Maybe this is why the NBA Finals matter: Whether players continued the season or not wasn’t the most important thing. What truly matters is that they used their platform to further their social justice goals. If the summer of 2020 taught us anything, there is no perfect stage or surefire way to combat racial oppression.

LeBron James of the Los Angeles Lakers before a game against the Denver Nuggets during the Western Conference finals on Sept. 22 at AdventHealth Arena in Orlando, Florida.

Nathaniel S. Butler/NBAE via Getty Images

When the NBA returned for a second time in late August following days of boycotts after Blake’s shooting, it agreed to one of the players union’s most critical demands. Arenas would be used as polling locations. The NBA, in particular its players, understood that voting was more important than any result that occurred on the court.

“One of the things the NBA seems to get right nowadays is that neither politics nor social justice are elephants in the room,” said Hopkins. “This is without question one of the most important elections in modern time. It’s vital the league engage an issue of this magnitude, rather than avoid it.”

Now voting is as critical to the completion of the NBA season as the completion of the NBA season itself. It’s part of halftime and postgame shows as well as the message on players’ shirts on the sideline. There’s no way to tell how much of a difference this will make, but seeing it every night is a protest in and of itself.

For the first time in history, the NBA Finals and a presidential election will operate in the same cultural space. The first presidential debate is on Tuesday — 24 hours before Game 1. Should a Game 7 be necessary, it will be played Oct. 13, two days before the second debate and 21 days before the election itself.

The Heat sit four wins away from the most improbable title run in history. One no one outside of Biscayne Bay, Florida, saw coming — and even some there didn’t when the season started nearly a year ago. And for the sixth consecutive decade, a Pat Riley-featured team has made the Finals. For the Lakers, it’s four wins from a basketball pinnacle they’ve yet to experience since Kobe Bryant’s last title run. Yet, in the same year the franchise lost the icon with two jersey numbers retired, winning a title would resonate far more than another parade and another banner raised in the City of Angels and constant danger. For Anthony Davis, a career that was already bound for Springfield, Massachusetts, is undeniably so. For LeBron James, a potential fourth championship and a fourth Finals MVP with a third team elevates an already iconic career to levels the game has never seen.

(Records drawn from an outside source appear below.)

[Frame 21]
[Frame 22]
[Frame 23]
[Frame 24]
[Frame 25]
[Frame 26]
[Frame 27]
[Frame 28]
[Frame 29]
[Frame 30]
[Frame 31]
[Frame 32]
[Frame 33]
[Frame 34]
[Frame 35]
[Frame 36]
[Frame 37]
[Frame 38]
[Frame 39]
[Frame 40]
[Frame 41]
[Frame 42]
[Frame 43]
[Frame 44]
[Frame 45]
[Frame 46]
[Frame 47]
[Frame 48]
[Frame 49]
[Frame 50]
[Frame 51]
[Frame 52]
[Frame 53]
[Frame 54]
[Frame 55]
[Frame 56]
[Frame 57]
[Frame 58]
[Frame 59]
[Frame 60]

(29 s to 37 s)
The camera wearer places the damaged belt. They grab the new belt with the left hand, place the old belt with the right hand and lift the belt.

Yet, if that journey is as much personal as it is spiritual, his More Than A Vote campaign holds court for even more people who have skin in the American political game far beyond whatever happens in the next potential seven games. Perhaps this is what it meant when some said more good would come from playing than sitting out.

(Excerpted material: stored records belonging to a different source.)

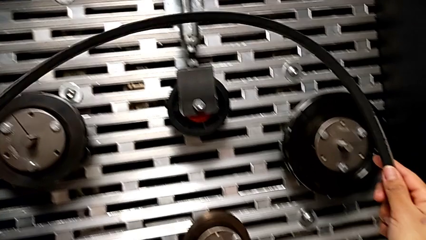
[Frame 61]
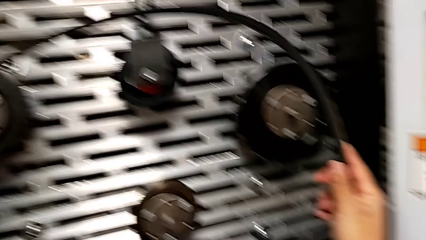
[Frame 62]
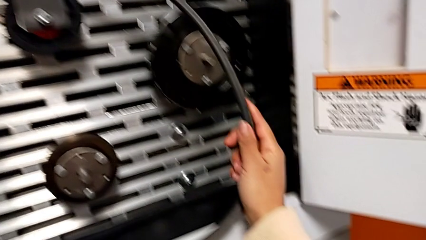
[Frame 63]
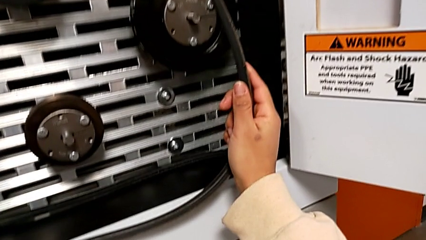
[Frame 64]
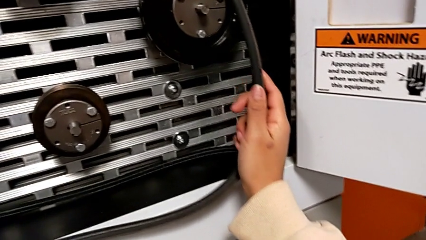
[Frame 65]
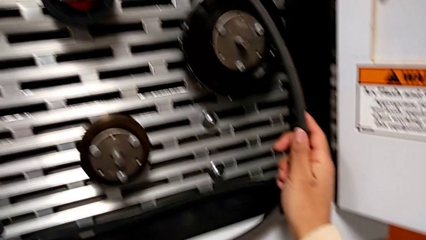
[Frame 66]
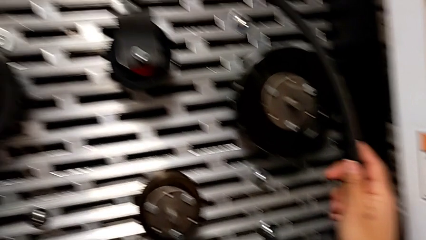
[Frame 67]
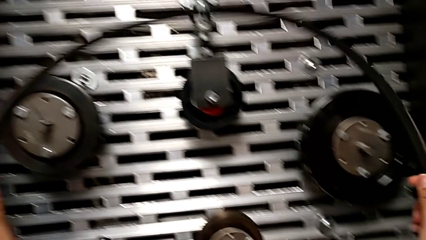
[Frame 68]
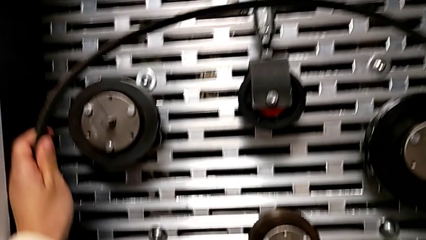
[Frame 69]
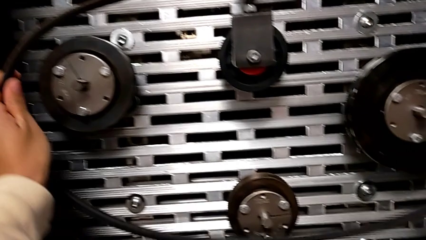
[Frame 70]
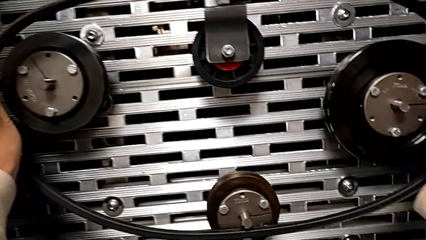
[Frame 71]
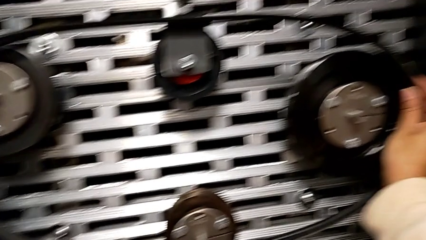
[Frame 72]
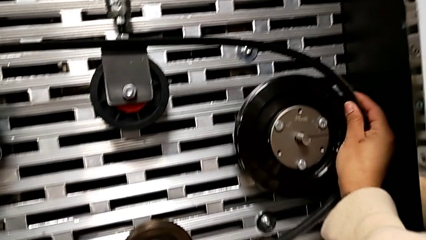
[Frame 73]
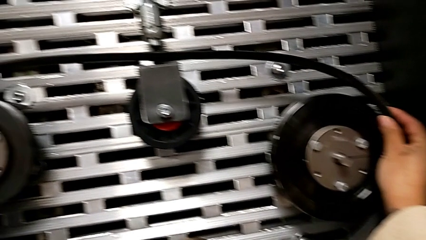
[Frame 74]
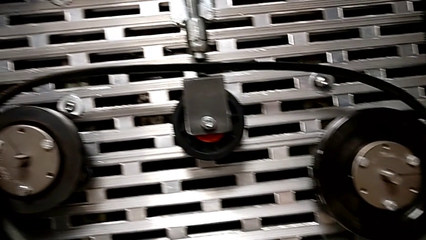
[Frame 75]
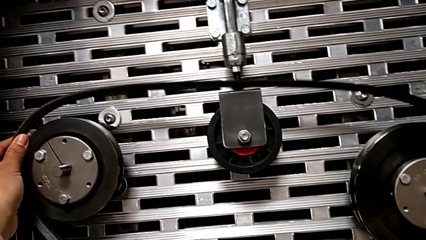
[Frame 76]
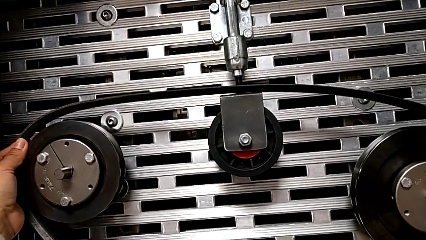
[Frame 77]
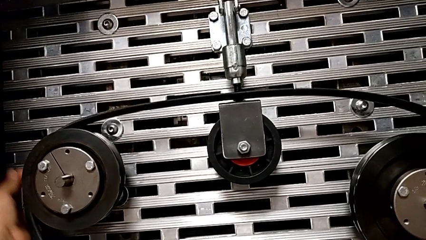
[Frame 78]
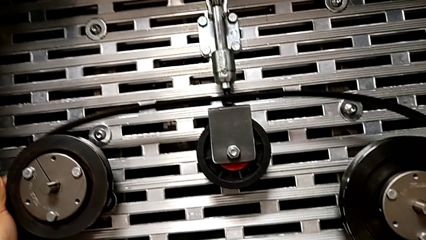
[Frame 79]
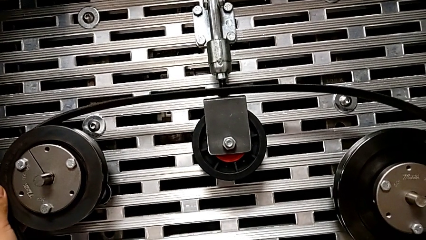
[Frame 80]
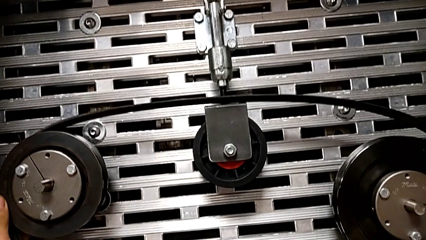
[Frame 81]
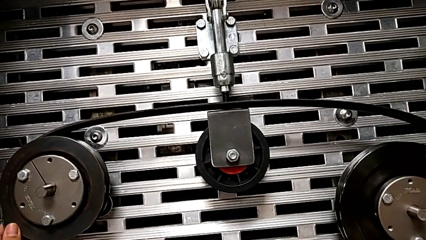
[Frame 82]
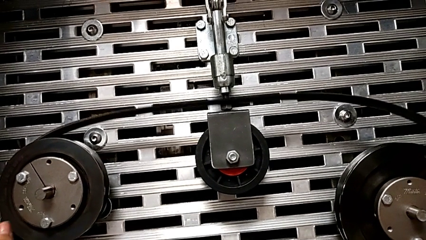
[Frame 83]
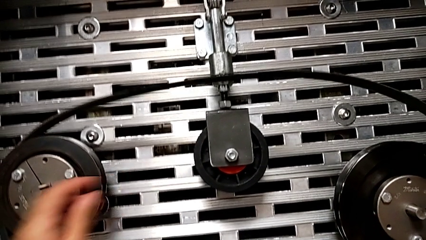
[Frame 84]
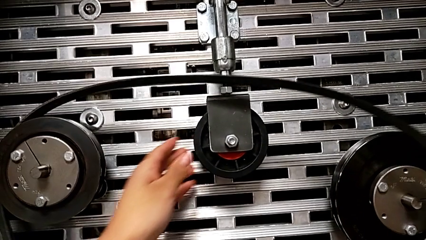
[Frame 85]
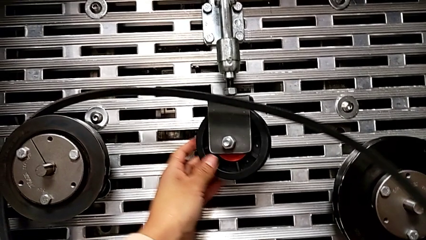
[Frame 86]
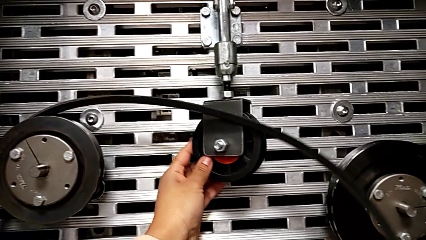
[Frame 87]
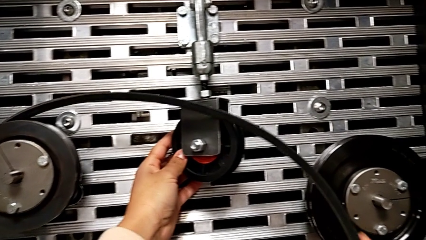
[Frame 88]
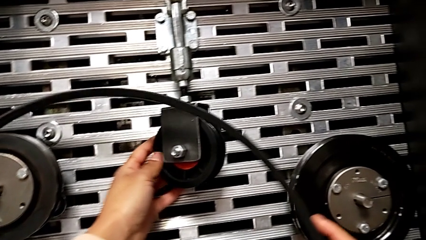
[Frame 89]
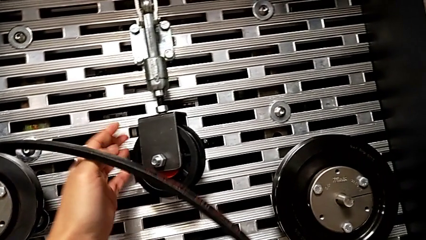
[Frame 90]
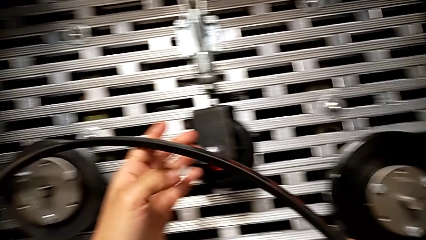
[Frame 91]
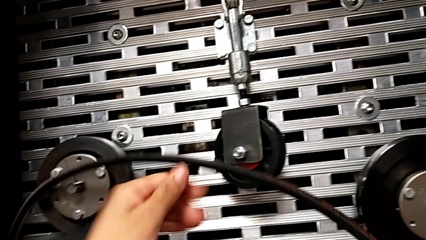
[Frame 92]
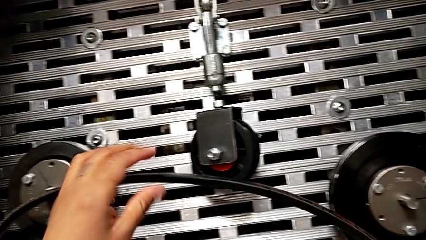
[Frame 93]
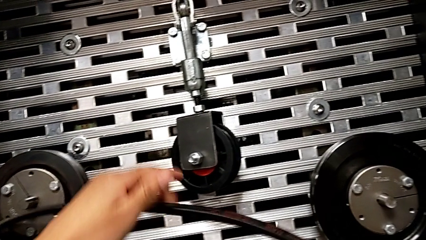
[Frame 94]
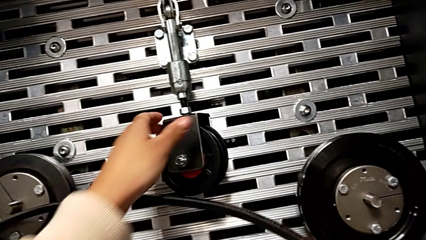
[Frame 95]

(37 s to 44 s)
The camera wearer is assembling the new belt. They assemble the belt.

“It’s perfectly ironic that the Finals would be ending around the time of the voting period,” said Packer. “People think of politics in terms of voting, but politics is so much more than even just the act of voting. NBA players speaking and continuing to play, and being very vocal, and making these demands — those are political acts on their own terms.”

I still wrestle with the same concern: Does being crowned an NBA champion really matter if the world that forced it into a bubble doesn’t change? The answer’s no as much as it is yes.

Yet, NBA players have done their part. Every NBA championship has its own fingerprint. Whichever team becomes the first to four wins might have an asterisk beside its place in history. But it won’t be because the journey to the mountaintop was laid with rose petals. Lives were lost to get here. A lot of them.

“To be an NBA champion this year, it’s not just representative of winning an overarching sport,” said Packer. “But are you being part of leading the conversation to bring about the change in inequality that humanity deserves?”

That’s a question we all need to be asking ourselves.